> _Task details_
What lines of the data hold the string "scaffold"? Copy them all.

> _Stored entries_
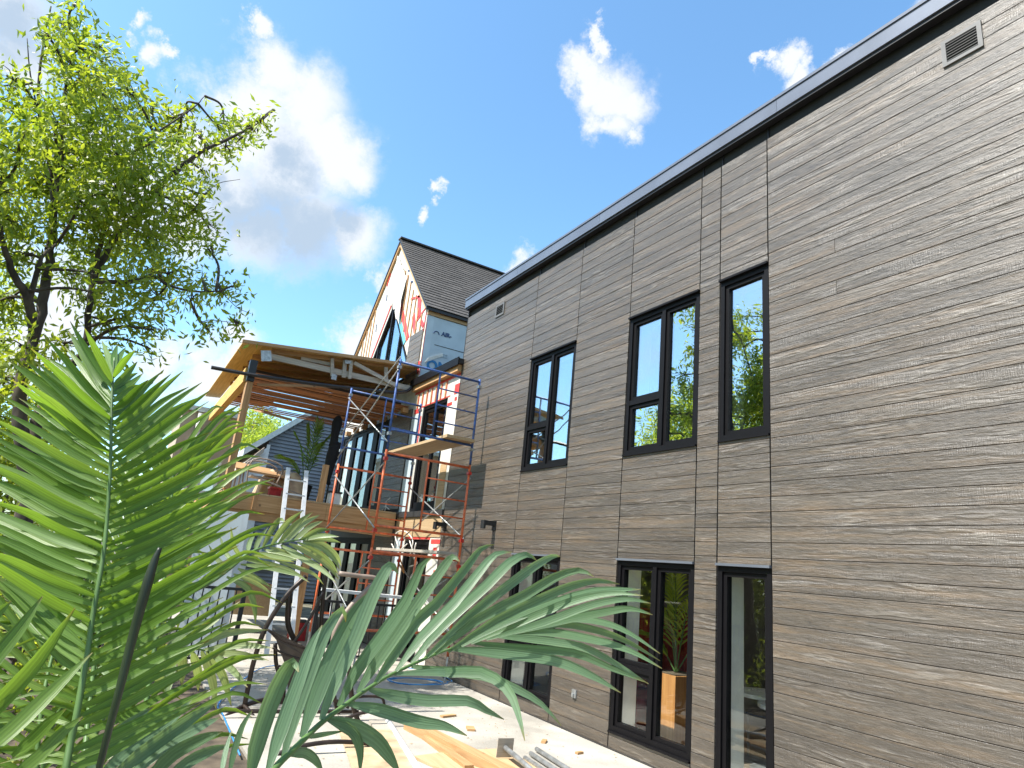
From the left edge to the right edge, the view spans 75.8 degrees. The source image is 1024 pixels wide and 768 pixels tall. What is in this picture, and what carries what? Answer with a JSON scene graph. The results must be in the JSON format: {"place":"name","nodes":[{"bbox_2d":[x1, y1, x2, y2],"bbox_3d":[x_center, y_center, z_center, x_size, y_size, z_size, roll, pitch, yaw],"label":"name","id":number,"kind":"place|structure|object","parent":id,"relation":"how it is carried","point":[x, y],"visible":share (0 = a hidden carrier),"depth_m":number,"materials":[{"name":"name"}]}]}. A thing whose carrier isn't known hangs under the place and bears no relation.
{"place":"outdoors","nodes":[
{"label":"outdoors","id":0,"kind":"place"},
{"bbox_2d":[79,542,409,661],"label":"ground","id":1,"kind":"structure","parent":0,"point":[306,609],"depth_m":21.20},
{"bbox_2d":[0,613,246,767],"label":"planting bed","id":2,"kind":"object","parent":1,"relation":"on","point":[213,761],"visible":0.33,"depth_m":6.06,"materials":[{"name":"plant"}]},
{"bbox_2d":[0,575,79,767],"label":"shrub","id":3,"kind":"object","parent":2,"relation":"on","point":[12,661],"visible":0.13,"depth_m":4.61,"materials":[{"name":"green plant"}]},
{"bbox_2d":[0,485,88,712],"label":"shrub","id":4,"kind":"object","parent":2,"relation":"on","point":[3,511],"visible":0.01,"depth_m":6.39,"materials":[{"name":"green plant"}]},
{"bbox_2d":[0,250,94,552],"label":"tree","id":5,"kind":"object","parent":2,"relation":"on","point":[7,430],"visible":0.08,"depth_m":12.48,"materials":[{"name":"green plant"}]},
{"bbox_2d":[0,388,151,615],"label":"tree","id":6,"kind":"object","parent":2,"relation":"on","point":[10,441],"visible":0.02,"depth_m":12.87,"materials":[{"name":"green plant"}]},
{"bbox_2d":[9,575,179,716],"bbox_3d":[-4.427,2.785,6.525,2.102,1.760,1.540,0,-17,20],"label":"shrub","id":7,"kind":"object","parent":2,"relation":"on","point":[19,664],"visible":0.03,"depth_m":6.45,"materials":[{"name":"green plant"}]},
{"bbox_2d":[49,480,199,646],"bbox_3d":[-6.306,2.928,10.375,2.288,3.274,2.405,3,-16,8],"label":"shrub","id":8,"kind":"object","parent":2,"relation":"on","point":[112,562],"visible":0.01,"depth_m":10.22,"materials":[{"name":"green plant"}]},
{"bbox_2d":[26,578,245,659],"bbox_3d":[-2.489,2.006,3.707,3.810,1.160,12.539,15,-18,-28],"label":"garden railing","id":9,"kind":"object","parent":2,"relation":"on","point":[239,615],"visible":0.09,"depth_m":9.76,"materials":[{"name":"black metal"}]},
{"bbox_2d":[0,0,280,615],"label":"tree","id":10,"kind":"object","parent":2,"relation":"on","point":[57,170],"visible":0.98,"depth_m":8.34,"materials":[{"name":"green plant"}]},
{"bbox_2d":[0,321,284,767],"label":"potted palm","id":11,"kind":"object","parent":2,"relation":"on","point":[42,585],"visible":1,"depth_m":1.56,"materials":[{"name":"green plant"}]},
{"bbox_2d":[0,496,340,767],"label":"potted palm","id":12,"kind":"object","parent":2,"relation":"on","point":[314,546],"visible":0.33,"depth_m":2.33,"materials":[{"name":"green plant"}]},
{"bbox_2d":[220,544,661,767],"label":"potted palm","id":13,"kind":"object","parent":2,"relation":"on","point":[316,680],"visible":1,"depth_m":1.07,"materials":[{"name":"green plant"}]},
{"bbox_2d":[157,405,237,606],"bbox_3d":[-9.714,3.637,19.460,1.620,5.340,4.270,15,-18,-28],"label":"beige house","id":14,"kind":"structure","parent":1,"relation":"on","point":[184,436],"depth_m":18.28,"materials":[{"name":"paint"}]},
{"bbox_2d":[196,461,221,492],"bbox_3d":[-8.366,2.578,18.142,0.500,0.900,0.058,15,-18,-28],"label":"window","id":15,"kind":"structure","parent":14,"relation":"in","point":[219,464],"depth_m":18.15,"materials":[{"name":"grey glass"}]},
{"bbox_2d":[231,447,266,579],"bbox_3d":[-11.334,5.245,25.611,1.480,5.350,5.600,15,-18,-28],"label":"neighbour garage","id":16,"kind":"structure","parent":1,"relation":"on","point":[261,453],"depth_m":24.10,"materials":[{"name":"beige paint"}]},
{"bbox_2d":[226,405,287,450],"bbox_3d":[-14.223,5.228,34.319,7.523,9.642,7.232,15,-18,-28],"label":"tree","id":17,"kind":"object","parent":1,"relation":"on","point":[257,430],"visible":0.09,"depth_m":35.28,"materials":[{"name":"green plant"}]},
{"bbox_2d":[164,612,365,650],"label":"under deck slab","id":18,"kind":"structure","parent":1,"relation":"on","point":[278,629],"depth_m":14.96,"materials":[{"name":"concrete"}]},
{"bbox_2d":[231,581,271,615],"bbox_3d":[-5.818,4.624,14.260,1.040,0.640,0.840,15,-18,-28],"label":"material crate","id":19,"kind":"object","parent":18,"relation":"on","point":[262,601],"visible":0.29,"depth_m":14.03,"materials":[{"name":"brown wood"}]},
{"bbox_2d":[194,464,395,638],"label":"timber deck","id":20,"kind":"structure","parent":18,"relation":"on","point":[268,507],"depth_m":13.21,"materials":[{"name":"brown wood"}]},
{"bbox_2d":[233,462,290,496],"bbox_3d":[-5.290,2.017,13.800,1.100,0.700,0.700,15,-18,-28],"label":"plywood table","id":21,"kind":"object","parent":20,"relation":"on","point":[258,469],"visible":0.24,"depth_m":13.71,"materials":[{"name":"brown wood"}]},
{"bbox_2d":[241,458,301,494],"bbox_3d":[-4.838,1.938,13.409,1.145,0.722,0.681,15,-18,-28],"label":"deck chair frame","id":22,"kind":"object","parent":20,"relation":"on","point":[260,477],"visible":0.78,"depth_m":13.27,"materials":[{"name":"grey metal"}]},
{"bbox_2d":[267,486,282,495],"bbox_3d":[-4.828,2.205,13.384,0.260,0.200,0.240,15,-18,-28],"label":"fuel can","id":23,"kind":"object","parent":20,"relation":"on","point":[275,491],"visible":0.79,"depth_m":13.30,"materials":[{"name":"red plastic"}]},
{"bbox_2d":[253,469,302,498],"bbox_3d":[-5.094,2.212,14.414,1.000,0.705,1.200,15,-18,-28],"label":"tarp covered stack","id":24,"kind":"object","parent":20,"relation":"on","point":[296,486],"visible":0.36,"depth_m":14.04,"materials":[{"name":"brown plastic"}]},
{"bbox_2d":[273,416,330,499],"bbox_3d":[-4.704,1.660,14.690,1.230,1.989,0.664,15,-18,-28],"label":"potted palm","id":25,"kind":"object","parent":20,"relation":"on","point":[318,428],"visible":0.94,"depth_m":14.79,"materials":[{"name":"green plant"}]},
{"bbox_2d":[205,339,421,488],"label":"porch roof","id":26,"kind":"structure","parent":20,"relation":"on","point":[333,378],"depth_m":14.63,"materials":[{"name":"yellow wood"}]},
{"bbox_2d":[324,415,341,502],"bbox_3d":[-3.983,1.735,14.486,0.450,2.134,0.400,15,-18,-28],"label":"garden umbrella","id":27,"kind":"object","parent":20,"relation":"on","point":[333,452],"visible":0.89,"depth_m":14.48,"materials":[{"name":"black fabric"}]},
{"bbox_2d":[326,490,342,504],"bbox_3d":[-3.745,2.401,13.824,0.270,0.280,0.240,15,-18,-28],"label":"paint bucket","id":28,"kind":"object","parent":20,"relation":"on","point":[337,496],"visible":0.64,"depth_m":13.75,"materials":[{"name":"white plastic"}]},
{"bbox_2d":[312,236,504,643],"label":"gable building","id":29,"kind":"structure","parent":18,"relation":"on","point":[419,314],"depth_m":16.56,"materials":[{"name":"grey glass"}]},
{"bbox_2d":[317,537,371,611],"bbox_3d":[-4.215,4.920,16.309,0.100,2.180,3.660,15,-18,-28],"label":"glass door","id":30,"kind":"structure","parent":29,"relation":"in","point":[348,541],"depth_m":16.24,"materials":[{"name":"glass"}]},
{"bbox_2d":[335,419,389,509],"bbox_3d":[-3.944,2.272,17.075,0.100,2.240,3.660,15,-18,-28],"label":"glass door","id":31,"kind":"structure","parent":29,"relation":"in","point":[365,433],"depth_m":16.97,"materials":[{"name":"glass"}]},
{"bbox_2d":[373,307,406,394],"bbox_3d":[-3.266,-0.951,17.505,0.100,2.493,3.210,15,-18,-28],"label":"pointed window","id":32,"kind":"structure","parent":29,"relation":"in","point":[390,346],"depth_m":17.50,"materials":[{"name":"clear glass"}]},
{"bbox_2d":[237,402,345,601],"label":"neighbour house","id":33,"kind":"structure","parent":1,"relation":"on","point":[283,440],"depth_m":25.10,"materials":[{"name":"grey"}]},
{"bbox_2d":[258,536,276,569],"bbox_3d":[-8.942,6.164,24.052,0.600,1.200,0.065,15,-18,-28],"label":"window","id":34,"kind":"structure","parent":33,"relation":"in","point":[261,543],"depth_m":24.01,"materials":[{"name":"grey glass"}]},
{"bbox_2d":[383,356,463,664],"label":"link building","id":35,"kind":"structure","parent":1,"relation":"on","point":[425,388],"depth_m":13.35,"materials":[{"name":"white wood"}]},
{"bbox_2d":[397,541,428,661],"bbox_3d":[-1.927,4.135,12.693,0.100,2.150,1.232,15,-18,-28],"label":"glass door","id":36,"kind":"structure","parent":35,"relation":"in","point":[420,545],"depth_m":13.13,"materials":[{"name":"glass"}]},
{"bbox_2d":[410,398,447,511],"bbox_3d":[-1.655,1.477,13.462,0.100,2.240,1.232,15,-18,-28],"label":"glass door","id":37,"kind":"structure","parent":35,"relation":"in","point":[428,414],"depth_m":13.53,"materials":[{"name":"black glass"}]},
{"bbox_2d":[425,0,1023,767],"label":"clad building","id":38,"kind":"structure","parent":1,"relation":"on","point":[757,376],"depth_m":6.17,"materials":[{"name":"brown wood"}]},
{"bbox_2d":[433,522,446,530],"bbox_3d":[-1.305,2.567,11.901,0.222,0.150,0.110,15,-18,-28],"label":"wall light","id":39,"kind":"object","parent":38,"relation":"attached to","point":[440,524],"visible":0.91,"depth_m":11.87,"materials":[{"name":"black metal"}]},
{"bbox_2d":[480,520,496,530],"bbox_3d":[-0.372,2.222,10.377,0.222,0.150,0.110,15,-18,-28],"label":"wall light","id":40,"kind":"object","parent":38,"relation":"attached to","point":[484,523],"visible":1,"depth_m":10.35,"materials":[{"name":"black metal"}]},
{"bbox_2d":[495,301,504,317],"bbox_3d":[-0.221,-1.353,12.014,0.020,0.240,0.310,15,-18,-28],"label":"wall vent","id":41,"kind":"object","parent":38,"relation":"attached to","point":[500,308],"depth_m":12.01,"materials":[{"name":"white metal"}]},
{"bbox_2d":[502,553,560,707],"bbox_3d":[0.375,3.321,9.089,0.378,1.860,1.227,15,-18,-28],"label":"window","id":42,"kind":"structure","parent":38,"relation":"in","point":[513,670],"depth_m":9.23,"materials":[{"name":"black glass"}]},
{"bbox_2d":[520,340,576,471],"bbox_3d":[0.675,0.395,9.936,0.378,1.840,1.227,15,-18,-28],"label":"window","id":43,"kind":"structure","parent":38,"relation":"in","point":[537,423],"depth_m":10.13,"materials":[{"name":"black glass"}]},
{"bbox_2d":[571,689,576,698],"bbox_3d":[0.733,3.700,7.864,0.046,0.090,0.080,15,-18,-28],"label":"hose outlet","id":44,"kind":"object","parent":38,"relation":"attached to","point":[574,693],"visible":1,"depth_m":7.85,"materials":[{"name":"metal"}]},
{"bbox_2d":[607,558,694,763],"bbox_3d":[1.603,2.866,7.084,0.378,1.860,1.217,15,-18,-28],"label":"window","id":45,"kind":"structure","parent":38,"relation":"in","point":[623,704],"depth_m":7.07,"materials":[{"name":"clear glass"}]},
{"bbox_2d":[622,289,699,456],"bbox_3d":[1.903,-0.059,7.931,0.378,1.840,1.217,15,-18,-28],"label":"window","id":46,"kind":"structure","parent":38,"relation":"in","point":[639,398],"depth_m":8.01,"materials":[{"name":"clear glass"}]},
{"bbox_2d":[639,572,687,744],"bbox_3d":[1.965,3.199,7.670,0.642,1.998,1.199,19,-20,-38],"label":"indoor planter palm","id":47,"kind":"object","parent":38,"relation":"on","point":[673,709],"visible":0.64,"depth_m":7.52,"materials":[{"name":"orange wood"}]},
{"bbox_2d":[717,261,770,442],"bbox_3d":[2.534,-0.292,6.901,0.378,1.840,0.637,15,-18,-28],"label":"window","id":48,"kind":"structure","parent":38,"relation":"in","point":[733,287],"depth_m":7.02,"materials":[{"name":"black glass"}]},
{"bbox_2d":[715,563,773,767],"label":"window","id":49,"kind":"structure","parent":38,"relation":"in","point":[730,615],"depth_m":6.18,"materials":[{"name":"clear glass"}]},
{"bbox_2d":[744,687,765,767],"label":"dining table","id":50,"kind":"object","parent":38,"relation":"on","point":[754,693],"visible":0.23,"depth_m":7.17,"materials":[{"name":"white laminate"}]},
{"bbox_2d":[746,709,765,755],"bbox_3d":[3.069,3.854,7.695,0.460,0.980,0.440,15,-18,-28],"label":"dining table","id":51,"kind":"object","parent":38,"relation":"on","point":[761,713],"visible":0.22,"depth_m":7.68,"materials":[{"name":"black plastic"}]},
{"bbox_2d":[940,20,983,67],"bbox_3d":[3.766,-2.846,5.514,0.020,0.260,0.310,15,-18,-28],"label":"wall vent","id":52,"kind":"object","parent":38,"relation":"attached to","point":[963,43],"depth_m":5.51,"materials":[{"name":"white plastic"}]},
{"bbox_2d":[287,619,306,640],"bbox_3d":[-4.413,5.053,13.530,0.340,0.390,0.340,15,-18,-28],"label":"storage box","id":53,"kind":"object","parent":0,"point":[303,634],"visible":0.32,"depth_m":13.44,"materials":[{"name":"red plastic"}]},
{"bbox_2d":[315,614,331,644],"bbox_3d":[-3.745,5.074,13.636,0.690,0.540,0.640,15,-18,-28],"label":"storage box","id":54,"kind":"object","parent":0,"point":[326,617],"visible":0.04,"depth_m":13.35,"materials":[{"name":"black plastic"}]},
{"bbox_2d":[187,648,650,767],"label":"patio","id":55,"kind":"structure","parent":0,"point":[565,745],"depth_m":7.44,"materials":[{"name":"concrete"}]},
{"bbox_2d":[179,511,242,655],"bbox_3d":[-4.994,3.229,10.846,0.660,2.280,0.310,15,-18,-28],"label":"wall board","id":56,"kind":"object","parent":55,"relation":"on","point":[237,521],"depth_m":10.89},
{"bbox_2d":[219,514,248,643],"bbox_3d":[-4.954,3.279,11.004,0.660,2.280,0.310,15,-18,-28],"label":"wall board","id":57,"kind":"object","parent":55,"relation":"on","point":[235,570],"depth_m":11.17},
{"bbox_2d":[217,665,273,755],"bbox_3d":[-3.053,3.740,7.878,0.872,0.015,4.867,7,-16,-6],"label":"rope","id":58,"kind":"object","parent":55,"relation":"on","point":[223,714],"visible":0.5,"depth_m":6.92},
{"bbox_2d":[224,567,330,715],"bbox_3d":[-2.612,2.947,7.642,0.574,1.657,1.300,-3,-18,28],"label":"patio lounger","id":59,"kind":"object","parent":55,"relation":"on","point":[291,648],"visible":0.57,"depth_m":7.60,"materials":[{"name":"brown metal"}]},
{"bbox_2d":[264,467,308,653],"bbox_3d":[-4.123,3.171,12.182,0.480,3.311,1.159,15,-18,-28],"label":"ladder","id":60,"kind":"object","parent":55,"relation":"on","point":[298,562],"visible":0.59,"depth_m":12.09,"materials":[{"name":"white metal"}]},
{"bbox_2d":[218,571,385,755],"bbox_3d":[-1.848,2.880,6.942,1.948,1.701,1.652,15,-18,-28],"label":"patio lounger","id":61,"kind":"object","parent":55,"relation":"on","point":[355,713],"visible":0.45,"depth_m":7.38,"materials":[{"name":"brown metal"}]},
{"bbox_2d":[309,597,395,657],"bbox_3d":[-2.685,4.231,11.251,1.489,1.040,0.060,15,-18,-28],"label":"railing panel","id":62,"kind":"object","parent":55,"relation":"on","point":[314,623],"visible":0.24,"depth_m":11.17,"materials":[{"name":"black metal"}]},
{"bbox_2d":[321,588,414,614],"bbox_3d":[-2.544,4.290,12.041,2.001,0.924,0.250,15,-18,-28],"label":"trestle","id":63,"kind":"object","parent":55,"relation":"on","point":[359,592],"visible":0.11,"depth_m":11.80,"materials":[{"name":"white metal"}]},
{"bbox_2d":[369,720,389,729],"bbox_3d":[-1.100,3.481,6.273,0.190,0.030,2.177,11,-17,-18],"label":"timber board","id":64,"kind":"object","parent":55,"relation":"on","point":[377,724],"visible":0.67,"depth_m":7.08,"materials":[{"name":"brown wood"}]},
{"bbox_2d":[339,729,421,767],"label":"plywood sheet","id":65,"kind":"object","parent":64,"relation":"on","point":[372,758],"visible":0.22,"depth_m":5.92,"materials":[{"name":"beige wood"}]},
{"bbox_2d":[385,719,420,767],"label":"steel tube","id":66,"kind":"object","parent":64,"relation":"on","point":[408,752],"visible":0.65,"depth_m":6.23,"materials":[{"name":"white metal"}]},
{"bbox_2d":[307,356,481,683],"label":"scaffold tower","id":67,"kind":"structure","parent":55,"relation":"on","point":[380,488],"depth_m":11.22,"materials":[{"name":"metal"}]},
{"bbox_2d":[391,530,417,577],"bbox_3d":[-2.115,3.313,12.850,0.224,0.923,1.715,15,-18,-28],"label":"cable bundle","id":68,"kind":"object","parent":67,"relation":"hanging from","point":[402,548],"visible":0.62,"depth_m":12.81,"materials":[{"name":"white plastic"}]},
{"bbox_2d":[376,547,456,555],"bbox_3d":[-1.787,3.009,11.852,0.320,0.045,2.980,15,-18,-28],"label":"scaffold plank","id":69,"kind":"object","parent":67,"relation":"on","point":[418,551],"visible":1,"depth_m":11.37,"materials":[{"name":"brown wood"}]},
{"bbox_2d":[384,434,474,456],"bbox_3d":[-1.604,1.185,12.216,0.520,0.050,2.950,15,-18,-28],"label":"scaffold plank","id":70,"kind":"object","parent":67,"relation":"on","point":[425,447],"visible":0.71,"depth_m":11.87,"materials":[{"name":"brown wood"}]},
{"bbox_2d":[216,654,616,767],"bbox_3d":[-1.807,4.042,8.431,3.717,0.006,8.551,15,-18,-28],"label":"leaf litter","id":71,"kind":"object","parent":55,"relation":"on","point":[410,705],"visible":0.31,"depth_m":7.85,"materials":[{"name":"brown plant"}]},
{"bbox_2d":[387,668,452,684],"bbox_3d":[-1.381,4.564,10.242,0.928,0.047,1.689,5,-16,5],"label":"rope","id":72,"kind":"object","parent":55,"relation":"on","point":[393,678],"visible":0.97,"depth_m":9.85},
{"bbox_2d":[414,752,477,767],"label":"plywood offcut","id":73,"kind":"object","parent":55,"relation":"on","point":[439,760],"visible":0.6,"depth_m":6.01,"materials":[{"name":"beige wood"}]},
{"bbox_2d":[422,734,473,767],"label":"timber board","id":74,"kind":"object","parent":55,"relation":"on","point":[457,758],"visible":0.55,"depth_m":6.25,"materials":[{"name":"brown wood"}]},
{"bbox_2d":[440,714,455,717],"bbox_3d":[-0.770,3.999,7.935,0.060,0.020,0.220,-9,-22,41],"label":"wood offcut","id":75,"kind":"object","parent":55,"relation":"on","point":[447,715],"visible":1,"depth_m":7.91,"materials":[{"name":"brown wood"}]},
{"bbox_2d":[403,725,513,767],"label":"timber beam","id":76,"kind":"structure","parent":55,"relation":"on","point":[476,757],"depth_m":6.26,"materials":[{"name":"brown wood"}]},
{"bbox_2d":[466,726,474,730],"bbox_3d":[-0.467,3.879,7.412,0.090,0.020,0.160,8,-16,-8],"label":"wood offcut","id":77,"kind":"object","parent":55,"relation":"on","point":[470,728],"visible":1,"depth_m":7.37,"materials":[{"name":"brown wood"}]},
{"bbox_2d":[477,748,535,767],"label":"plywood offcut","id":78,"kind":"object","parent":55,"relation":"on","point":[512,762],"visible":0.33,"depth_m":6.28,"materials":[{"name":"beige wood"}]},
{"bbox_2d":[496,738,532,767],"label":"jack post","id":79,"kind":"object","parent":78,"relation":"on","point":[504,747],"visible":1,"depth_m":6.29,"materials":[{"name":"grey metal"}]},
{"bbox_2d":[523,755,543,767],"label":"steel tube","id":80,"kind":"object","parent":55,"relation":"on","point":[531,761],"visible":0.78,"depth_m":6.21,"materials":[{"name":"grey metal"}]},
{"bbox_2d":[529,751,556,767],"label":"steel tube","id":81,"kind":"object","parent":55,"relation":"on","point":[540,759],"visible":1,"depth_m":6.32,"materials":[{"name":"grey metal"}]},
{"bbox_2d":[535,746,569,767],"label":"steel tube","id":82,"kind":"object","parent":55,"relation":"on","point":[550,758],"visible":1,"depth_m":6.43,"materials":[{"name":"grey metal"}]},
{"bbox_2d":[0,0,920,539],"label":"sky","id":83,"kind":"structure","parent":0,"point":[483,132],"materials":[{"name":"blue"}]},
{"bbox_2d":[758,700,764,709],"bbox_3d":[2.821,3.554,6.357,0.840,0.765,0.840,15,-18,-28],"label":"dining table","id":84,"kind":"object","parent":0,"point":[761,704],"visible":0.14,"depth_m":6.51,"materials":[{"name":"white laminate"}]}
]}

> _Exercise output_
{"bbox_2d":[307,356,481,683],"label":"scaffold tower","id":67,"kind":"structure","parent":55,"relation":"on","point":[380,488],"depth_m":11.22,"materials":[{"name":"metal"}]},
{"bbox_2d":[376,547,456,555],"bbox_3d":[-1.787,3.009,11.852,0.320,0.045,2.980,15,-18,-28],"label":"scaffold plank","id":69,"kind":"object","parent":67,"relation":"on","point":[418,551],"visible":1,"depth_m":11.37,"materials":[{"name":"brown wood"}]},
{"bbox_2d":[384,434,474,456],"bbox_3d":[-1.604,1.185,12.216,0.520,0.050,2.950,15,-18,-28],"label":"scaffold plank","id":70,"kind":"object","parent":67,"relation":"on","point":[425,447],"visible":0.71,"depth_m":11.87,"materials":[{"name":"brown wood"}]},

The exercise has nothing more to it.